To begin with, here we have a metaphorical story. On the screen you can see a picture by Matthew Shepperson, one of the 19th century’s copyist. At that time thousands of such copies were painted. But in reality it can be called a worthless piece of garbage. Such “works of art” can be found in almost every corner: in private homes and smaller museums. Museologists hate them because they cannot trade hundreds of similar copies into at least one decent picture. Owners do not usually offer them up for auctions, and if by any chance they do, their price is low – just 400-600 pounds.

Here you can see another work. This is a portrait by the famous Spanish Baroque painter Diego Velasquez. It is a masterpiece desired by many collectors and the most important museums of the world. Three months ago it was sold at Bonhams for three million pounds following extremely competitive bidding.
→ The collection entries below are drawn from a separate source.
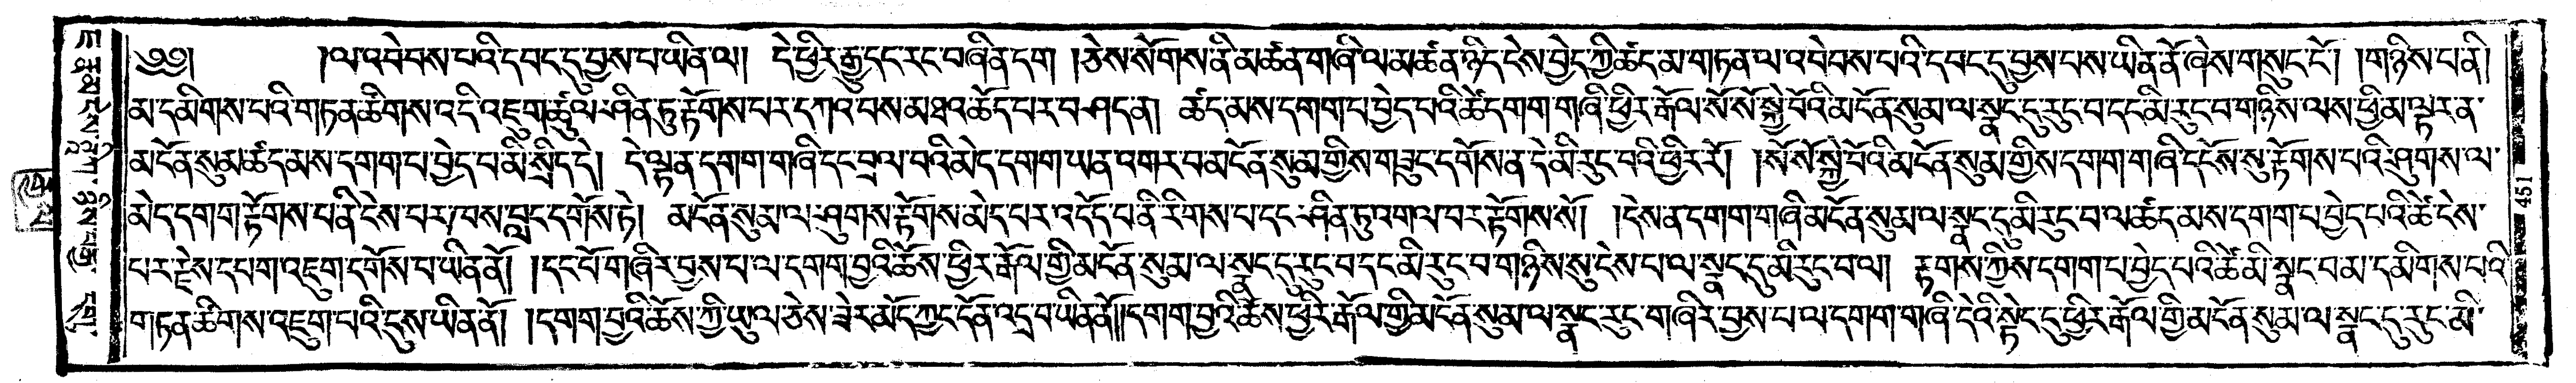༄༅། །ལ་འབེབས་པའི་དབང་དུ་བྱས་པ་ཡིན་ལ། དེ་ཕྱིར་རྒྱུ་དང་རང་བཞིན་དག །ཅེས་སོགས་ནི་མཚན་གཞི་ལ་མཚན་ཉིད་ངེས་བྱེད་ཀྱི་ཚད་མ་གཏན་ལ་འབེབས་པའི་དབང་དུ་བྱས་པས་ཡིན་ནོ་ཞེས་གསུང་ངོ། །གཉིས་པ་ནི།
མ་དམིགས་པའི་གཏན་ཚིགས་འདི་འཇུག་ཚུལ་ཤིན་ཏུ་རྟོགས་པར་དཀའ་བས་མཐའ་ཆོད་པར་བཤད་ན། ཚད་མས་དགག་པ་བྱེད་པའི་ཚེ་དགག་གཞི་ཕྱིར་རྒོལ་སོ་སོ་སྐྱེ་བོའི་མངོན་སུམ་ལ་སྣང་དུ་རུང་བ་དང་མི་རུང་བ་གཉིས་ལས་ཕྱི་མ་ལྟར་ན་
མངོན་སུམ་ཚད་མས་དགག་པ་བྱེད་པ་མི་སྲིད་དེ། དེ་ལྟ་ན་དགག་གཞི་དང་བྲལ་བའི་མེད་དགག་ཡན་འགར་བ་མངོན་སུམ་གྱིས་གཟུང་དགོས་ན་དེ་མི་རུང་བའི་ཕྱིར་རོ། །སོ་སོ་སྐྱེ་བོའི་མངོན་སུམ་གྱིས་དགག་གཞི་དངོས་སུ་རྟོགས་པའི་ཤུགས་ལ་
མེ་དགག་རྟོགས་པ་ནི་ངེས་པར་ཁས་བླང་དགོས་ཏེ། མངོན་སུམ་ལ་ཤུགས་རྟོགས་མེད་པར་འདོད་པ་ནི་རིགས་པ་དང་ཤིན་ཏུ་འགལ་བར་རྟོགས་སོ། །དེས་ན་དགག་གཞི་མངོན་སུམ་ལ་སྣང་དུ་མི་རུང་བ་ལ་ཚད་མས་དགག་པ་བྱེད་པའི་ཚེ་ངེས་
པར་རྗེས་དཔག་འཇུག་དགོས་པ་ཡིན་ནོ། །དང་པོ་གཞིར་བྱས་པ་ལ་དགག་བྱའི་ཆོས་ཕྱིར་རྒོལ་གྱི་མངོན་སུམ་ལ་སྣང་དུ་རུང་བ་དང་མི་རུང་བ་གཉིས་སུ་ངེས་པ་ལ་སྣང་དུ་མི་རུང་བ་ལ། རྟགས་ཀྱིས་དགག་པ་བྱེད་པའི་ཚེ་མི་སྣང་བ་མ་དམིགས་པའི་
གཏན་ཚིགས་འཇུག་པའི་དུས་ཡིན་ནོ། །དགག་བྱའི་ཆོས་ཀྱི་ཡུལ་ཅེས་ཟེར་མོད་ཀྱང་དོན་འདྲ་བ་ཡིན་ནོ། །དགག་བྱའི་ཆོས་ཕྱིར་རྒོལ་གྱི་མངོན་སུམ་ལ་སྣང་རུང་གཞིར་བྱས་པ་ལ་དགག་གཞི་དེའི་སྟེང་དུ་ཕྱིར་རྒོལ་གྱི་མངོན་སུམ་ལ་སྣང་དུ་རུང་མི་
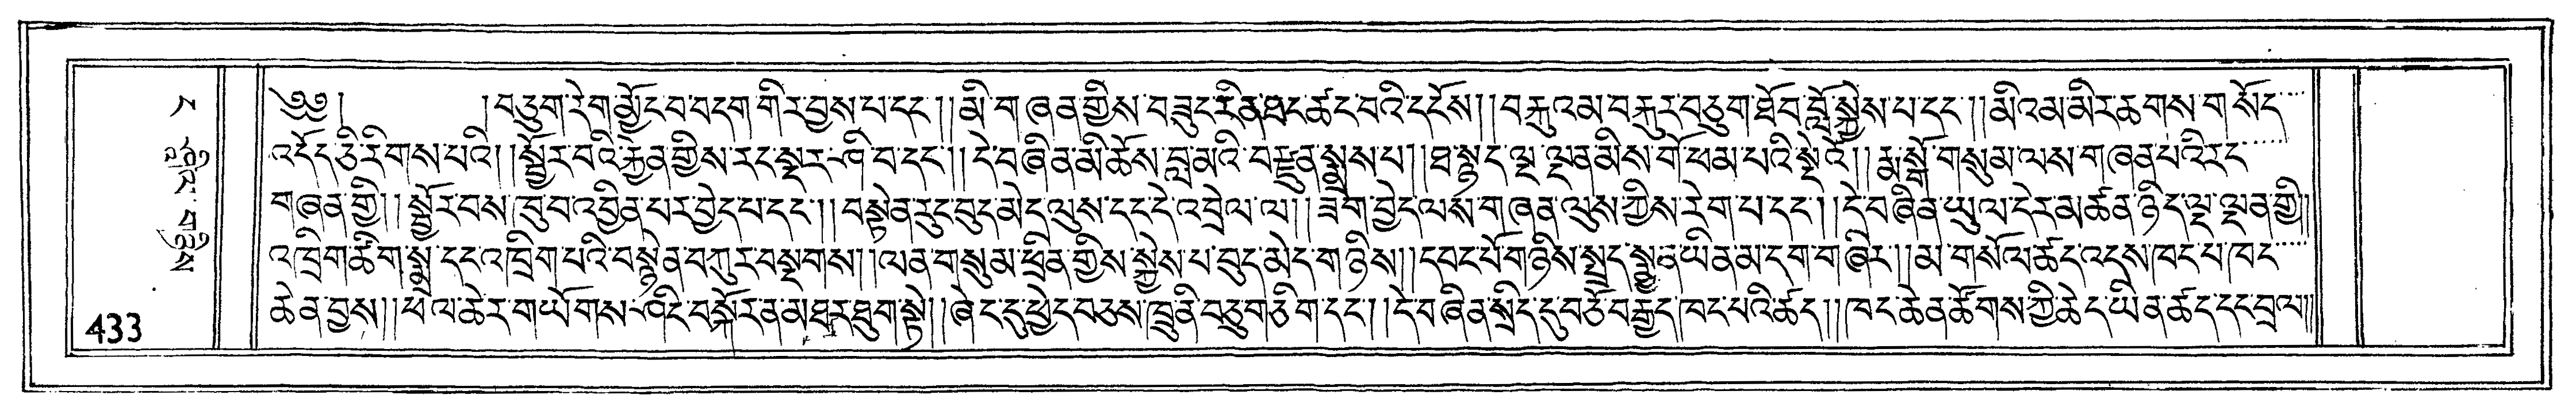༄༅། །བཅུག་རེག་མྱོང་བ་བདག་གིར་བྱས་པ་དང་། །མི་གཞན་གྱིས་བཟུང་རིན་ཐང་ཚང་བའི་དངོས། །བརྐུའམ་བརྐུར་བཅུག་ཐོབ་བློ་སྐྱེས་པ་དང་། །མིའམ་མིར་ཆགས་གསོད་
འདོད་ཅི་རིགས་པའི། །སྦྱོར་བའི་རྐྱེན་གྱིས་རང་སྔར་ཤི་བ་དང་། །དེ་བཞིན་མི་ཆོས་བླ་མའི་བརྫུན་སྨྲས་པ། །ཐ་སྙད་ལྔ་ལྡན་མིས་གོ་ཕམ་པའི་སྡེའོ། །རྨ་སྒོ་གསུམ་ལས་གཞན་པའི་རང་
གཞན་གྱི། །སྦྱོར་བས་ཁུ་བ་འབྱིན་པར་བྱེད་པ་དང་། །བསྟེན་རུང་བུད་མེད་ལུས་དང་དེ་འབྲེལ་ལ། །ཟག་བྱེད་ལས་གཞན་ལུས་ཀྱིས་རེག་པ་དང་། །དེ་བཞིན་ཡུལ་དེར་མཚན་ཉིད་ལྔ་ལྡན་གྱི། །
འཁྲིག་ཚིག་སྨྲ་དང་འཁྲིག་པའི་བསྙེན་བཀུར་བསྔགས། །ལན་གསུམ་ཕྲིན་གྱིས་སྐྱེས་པ་བུད་མེད་གཉིས། །དབང་པོ་གཉིས་སྤྲད་སྨྱན་ཡིན་མ་དག་གཞིར། །མ་གསོལ་ཚད་འདས་ཁང་པ་ཁང་
ཆེན་བྱས། །ཕལ་ཆེར་གཡོགས་ཤིང་བསྐོར་ན་མཐར་ཐུག་སྟེ། །ཞེང་དུ་ཕྱེད་བཅས་ཁྲུ་ནི་བཅུ་གཅིག་དང་། །དེ་བཞིན་སྲིད་དུ་བཅོ་བརྒྱད་ཁང་པའི་ཚད། །ཁང་ཆེན་ཚོགས་ཀྱི་ཆེད་ཡིན་ཚད་དང་བྲལ། །
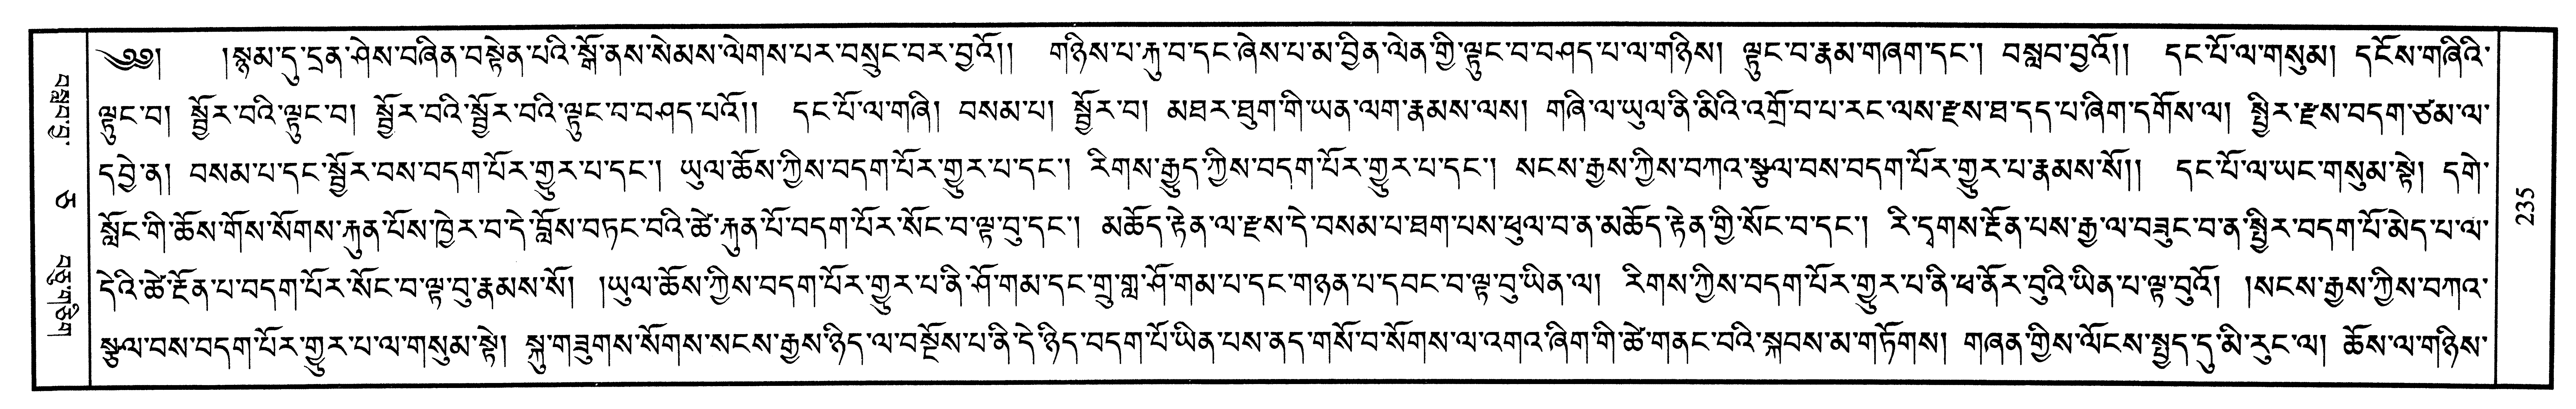༄༅། །སྙམ་དུ་དྲན་ཤེས་བཞིན་བསྟེན་པའི་སྒོ་ནས་སེམས་ལེགས་པར་བསྲུང་བར་བྱའོ།། གཉིས་པ་རྐུ་བ་དང་ཞེས་པ་མ་བྱིན་ལེན་གྱི་ལྟུང་བ་བཤད་པ་ལ་གཉིས། ལྟུང་བ་རྣམ་གཞག་དང་། བསླབ་བྱའོ།། དང་པོ་ལ་གསུམ། དངོས་གཞིའི་
ལྟུང་བ། སྦྱོར་བའི་ལྟུང་བ། སྦྱོར་བའི་སྦྱོར་བའི་ལྟུང་བ་བཤད་པའོ།། དང་པོ་ལ་གཞི། བསམ་པ། སྦྱོར་བ། མཐར་ཐུག་གི་ཡན་ལག་རྣམས་ལས། གཞི་ལ་ཡུལ་ནི་མིའི་འགྲོ་བ་པ་རང་ལས་རྫས་ཐ་དད་པ་ཞིག་དགོས་ལ། སྤྱིར་རྫས་བདག་ཙམ་ལ་
དབྱེ་ན། བསམ་པ་དང་སྦྱོར་བས་བདག་པོར་གྱུར་པ་དང་། ཡུལ་ཆོས་ཀྱིས་བདག་པོར་གྱུར་པ་དང་། རིགས་རྒྱུད་ཀྱིས་བདག་པོར་གྱུར་པ་དང་། སངས་རྒྱས་ཀྱིས་བཀའ་སྩལ་བས་བདག་པོར་གྱུར་པ་རྣམས་སོ།། དང་པོ་ལ་ཡང་གསུམ་སྟེ། དགེ་
སློང་གི་ཆོས་གོས་སོགས་རྐུན་པོས་ཁྱེར་བ་དེ་བློས་བཏང་བའི་ཚེ་རྐུན་པོ་བདག་པོར་སོང་བ་ལྟ་བུ་དང་། མཆོད་རྟེན་ལ་རྫས་དེ་བསམ་པ་ཐག་པས་ཕུལ་བ་ན་མཆོད་རྟེན་གྱི་སོང་བ་དང་། རི་དྭགས་རྔོན་པས་རྒྱ་ལ་བཟུང་བ་ན་སྤྱིར་བདག་པོ་མེད་པ་ལ་
དེའི་ཚེ་རྔོན་པ་བདག་པོར་སོང་བ་ལྟ་བུ་རྣམས་སོ། །ཡུལ་ཆོས་ཀྱིས་བདག་པོར་གྱུར་པ་ནི་ཤོ་གམ་དང་གྲུ་གླ་ཤོ་གམ་པ་དང་གཉན་པ་དབང་བ་ལྟ་བུ་ཡིན་ལ། རིགས་ཀྱིས་བདག་པོར་གྱུར་པ་ནི་ཕ་ནོར་བུའི་ཡིན་པ་ལྟ་བུའོ། །སངས་རྒྱས་ཀྱིས་བཀའ་
སྩལ་བས་བདག་པོར་གྱུར་པ་ལ་གསུམ་སྟེ། སྐུ་གཟུགས་སོགས་སངས་རྒྱས་ཉིད་ལ་བསྔོས་པ་ནི་དེ་ཉིད་བདག་པོ་ཡིན་པས་ནད་གསོ་བ་སོགས་ལ་འགའ་ཞིག་གི་ཚེ་གནང་བའི་སྐབས་མ་གཏོགས། གཞན་གྱིས་ལོངས་སྤྱད་དུ་མི་རུང་ལ། ཆོས་ལ་གཉིས་
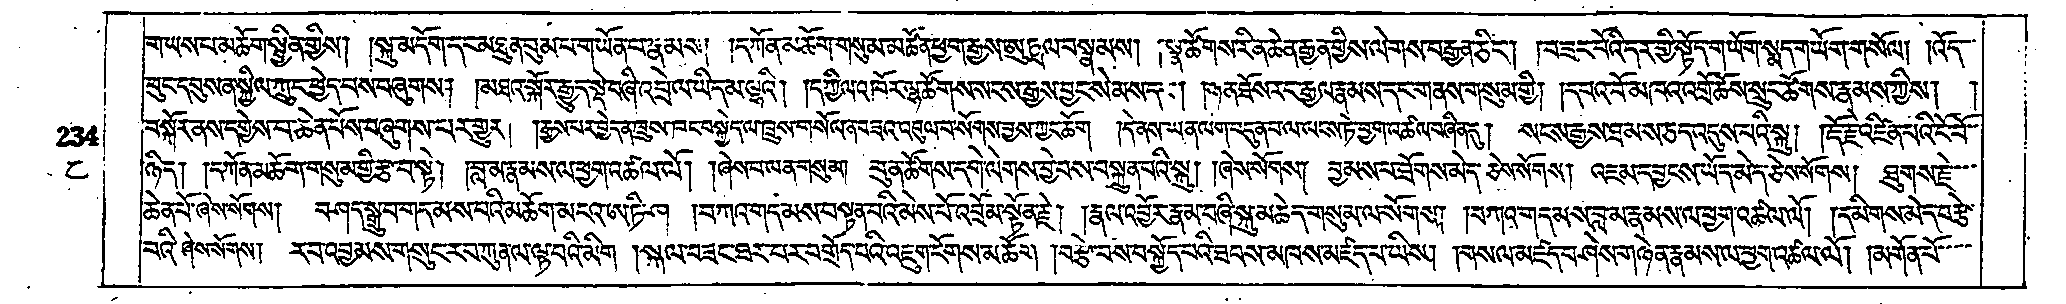གཡས་པ་མཆོག་སྦྱིན་གྱིས། །སྐུ་མདོག་དང་མཐུན་བུམ་པ་གཡོན་པ་རྣམས། །དཀོན་མཆོག་གསུམ་མཚོན་ཕྱག་རྒྱས་ཨུཏྤལ་བསྣམས། །སྣ་ཚོགས་རིན་ཆེན་རྒྱན་གྱིས་ལེགས་བརྒྱན་ཅིང་། །བཟང་པོའི་དར་གྱི་སྟོད་གཡོག་སྨད་གཡོག་གསོལ། །འོད་་་
ཕུང་དབུས་ན་སྐྱིལ་ཀྲུང་ཕྱེད་པས་བཞུགས། །མཐའ་སྐོར་རྒྱུད་སྡེ་བཞི་འབྲེལ་ཡི་དམ་ལྷའི། །དཀྱིལ་འཁོར་ལྷ་ཚོགས་སངས་རྒྱས་བྱང་སེམས་དང་། །ཉན་ཐོས་རང་རྒྱལ་རྣམས་དང་གནས་གསུམ་གྱི། །དཔའ་བོ་མཁའ་འགྲོ་ཆོས་སྲུང་ཚོགས་རྣམས་ཀྱིས། །
བསྐོར་ནས་དགྱེས་པ་ཆེན་པོས་བཞུགས་པར་གྱུར། །རྒྱས་པར་བྱེད་ན་ཁྲུས་ཁང་བསྐྱེད་ལ་ཁྲུས་གསོལ་ན་བཟའ་འབུལ་བ་སོགས་བྱས་ཀྱང་ཆོག །དེ་ནས་ཡན་ལག་བདུན་པ་ལ་ལངས་ཏེ་ཕྱག་འཚལ་བཞིན་དུ།  སངས་རྒྱས་ཐམས་ཅད་འདུས་པའི་སྐུ། །རྡོ་རྗེ་འཛིན་པའི་ངོ་བོ་་་
ཉིད། །དཀོན་མཆོག་གསུམ་གྱི་རྩ་བ་སྟེ། །བླ་མ་རྣམས་ལ་ཕྱག་འཚལ་ལོ། །ཞེས་པ་ལན་གསུམ།  ཕུན་ཚོགས་དགེ་ལེགས་བྱེ་བས་བསྐྲུན་པའི་སྐུ། །ཞེས་སོགས།  བྱམས་པ་ཐོགས་མེད་ཅེས་སོགས།  འཇམ་དབྱངས་ཡོད་མེད་ཅེས་སོགས།  ཐུགས་རྗེ་་་
ཆེན་པོ་ཞེས་སོགས།  བཤད་སྒྲུབ་གདམས་པའི་མཆོག་མངའ་ཨ་ཏི་ཤ་།བཀའ་གདམས་བསྟན་པའི་མེས་པོ་འབྲོམ་སྟོན་རྗེ། །རྣལ་འབྱོར་རྣམ་བཞི་སྐུ་མཆེད་གསུམ་ལ་སོགས། །བཀའ་གདམས་བླ་མ་རྣམས་ལ་ཕྱག་འཚལ་ལོ། །དམིགས་མེད་བརྩེ་
བའི་ཞེས་སོགས།  རབ་འབྱམས་གསུང་རབ་ཀུན་ལ་ལྟ་བའི་མིག །སྐལ་བཟང་ཐར་པར་བགྲོད་པའི་འཇུག་ངོགས་མཆོག །བརྩེ་བས་བསྐྱོད་པའི་ཐབས་མཁས་མཛད་པ་ཡིས། །གསལ་མཛད་བཤེས་གཉེན་རྣམས་ལ་ཕྱག་འཚལ་ལོ། །མགོན་པོ་་་

As you can probably guess, this story is fairly conventional; in 2011 alone a few dozen of such stories – on suddenly discovered masterpieces – did actually happen. The picture offered to Bonhams auctioneers for the before mentioned 400 pounds was noticed by an expert, explored in more detail and, after his article in a specialized magazine appeared, the cheap and ugly artistic waste of the 19th century all of a sudden turned into an expensive masterpiece of the 17th century.

In this story we should pay attention to the price that was finally paid – 3 million pounds. But other works by Velasquez, which did not wait until somebody discovered them… their price is much, by up to ten or even more times higher than the one that recently had three million pounds spent on it. Why is this? I think it is because of a certain caution. Because at any time some other expert may appear to write another article for another specialized magazine proving that it is not Velasquez, but the same copyist Matthew Shepperson, as it had been known for over 200 years.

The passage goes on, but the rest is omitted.